The Inevitable Regrounding

By Christopher “Mac” MacDonald

Marshall McLuhan, in his famous 1964 book,  Understanding Media: The Extensions of Man,  declared that “the medium is the message”

”McLuhan proposes that a communication medium itself, not the messages it carries, should be the primary focus of study. He showed that artifacts as media affect any society by their characteristics, or content.” (Wikipedia summation).

Nicholas Caarr, in his important book, The Shallows: What the Internet is Doing to Our Brains, starts also with McLuhan in 1964 but has the advantage of applying all that we have learned since then about neuro-plasticity )how the human brain swiftly adapts , repairs and is malleable) so that he is able to offer in more alarming insights into how the Internet is literally changing how we think, not just what we think.

Carr, while taking care  to note all the real advantages and pluses that the internet has given people like himself (and I whole-heartedly agree as Google has helped me swiftly unearth vast sources in minutes – which would have – decades ago, taken me days to excavate from library stacks) He notes the reality that not only is the  “medium the message” – it is also changing how we think:

The boons are real. But they come at a price. As McLuhan suggested, media aren’t just channels of information. They supply the stuff of thought, but they also shape the process of thought. And what the Net seems to be doing is chipping away my capacity for concentration and contemplation. Whether I’m online or not, my mind now expects to take in information the way the Net distributes it: in a swiftly moving stream of particles. Once I was a scuba diver in the sea of words. Now I zip along the surface like a guy on a Jet Ski. (The Shallows, Chapter One, Kindle edition).

To make it all simple – we have moved aggressively from a “word-based culture (at least the last 500 years) to an “image-based culture” dominated by sight and sound and the lessening of any widespread ability to take in pages of well-crafted words beyond just a very few without being distracted.

The gravitational Reversal

Although we have found the need, in the Church, to make major accommodations to this shift from word to image-based communication of Truth there is an undeniable gravitational pull back to “the Word,” which is inherent in the Faith. God chose, not only to speak the Universe into existence via the Divine Logos (Word) His Son, but then chose to make the transmission of the Faith always find it’s core tether- it’s grounding – in the Word of God.

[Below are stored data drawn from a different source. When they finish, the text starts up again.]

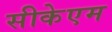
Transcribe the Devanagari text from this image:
सीकेएम
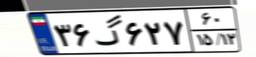
۳۶گ۶۲۷۶۰
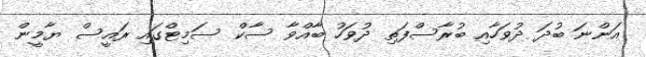
އަންނަ ބުދަ ދުވަހާއި ބުރާސްފަތި ދުވަހު ބާއްވާ ސާކް ސަމިޓްގައި ރައީސް ޔާމީން
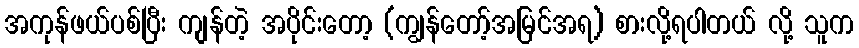
အကုန်ဖယ်ပစ်ပြီး ကျန်တဲ့ အပိုင်းတော့ (ကျွန်တော့်အမြင်အရ) စားလို့ရပါတယ် လို့ သူက
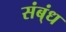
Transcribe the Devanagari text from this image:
संब्ंध
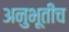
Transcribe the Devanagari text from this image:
अनुभूतीच
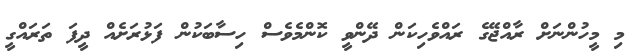
މި މީހުންނަށް ރާއްޖޭގެ ރައްވެހިކަން ދޭންވީ ކޮންމެވެސް ހިސާބަކުން ފަޅުރަށެއް ދީފަ ތަރައްގީ
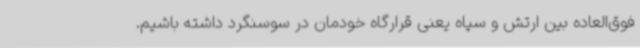
فوق‌العاده بین ارتش و سپاه یعنی قرارگاه خودمان در سوسنگرد داشته باشیم.
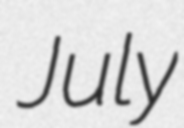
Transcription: July
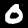
Digit: 0
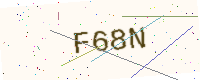
Text: F68N
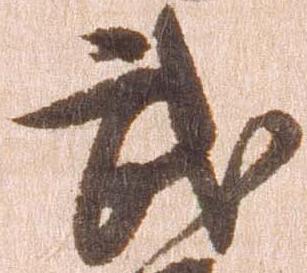
武
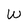
Character: W
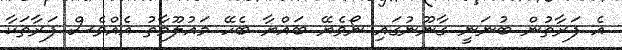
އެ ފަރާތުން ބުނަނީ ގާނޫނުގައި ނޯވެޔޭ ބައްޔާ ބެހޭ މައުލޫމާތު އެއްވެސް ފަރާތަކާ
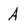
Character: A

Thus as far way as we attempt to propel ourselves away and even re-create reality by technology and image (A postmodern Babel) we are always brought back to Earth by the logos – by the Word of God – both as incarnate Son and as Living Word.

To the extent that we give over to image instead of the subject it as a tool we commit idolatry – however well-meaning (and it can be quite so). But we are also always toying with fantasy.

Jesus was the most real human being who has ever walked this earth. He never entertained a single fantasy – not even in the Garden of Gethsemane when facing death. He asked for an alternative, but he did not suggest one.

The Logos/Word is the Meaning

All poor MarchallMcLuyhan was cluing in on was that in a world of shared and competing for cultural fictions – the latest technology, or delivery system would define the message – or at least share top-billing. And in the ever-changing fashion of truth in a world of competing fantasies he is correct – except they are all fantasies- each a linguistic and symbolic contrivance that has no inherent solidarity.

But the Word of God either one of them that God has given us- hios Son, the Divine logos in whom, through who, and for whom all of creation was made” (Col. 3:15-23) , or what is called the “Living Word” (the sciptures) where Jesus contrasted the worlds of men and His words:

“Therefore, everyone who hears these words of Mine, and [t]acts on them, will be like a wise man who built his house on the rock. 25 And the rain fell and the [u]floods came, and the winds blew and slammed against that house; and yet it did not fall, for it had been founded on the rock. 26 And everyone who hears these words of Mine, and does not [v]act on them, will be like a foolish man who built his house on the sand. 27 And the rain fell and the [w]floods came, and the winds blew and slammed against that house; and it fell—and its collapse was great.” (Matt. 7:24-27 NASB)

We are regrounded in the Wor- both in Jesus the living Logoa, and in God’s choice to bring us Gospel in a Book.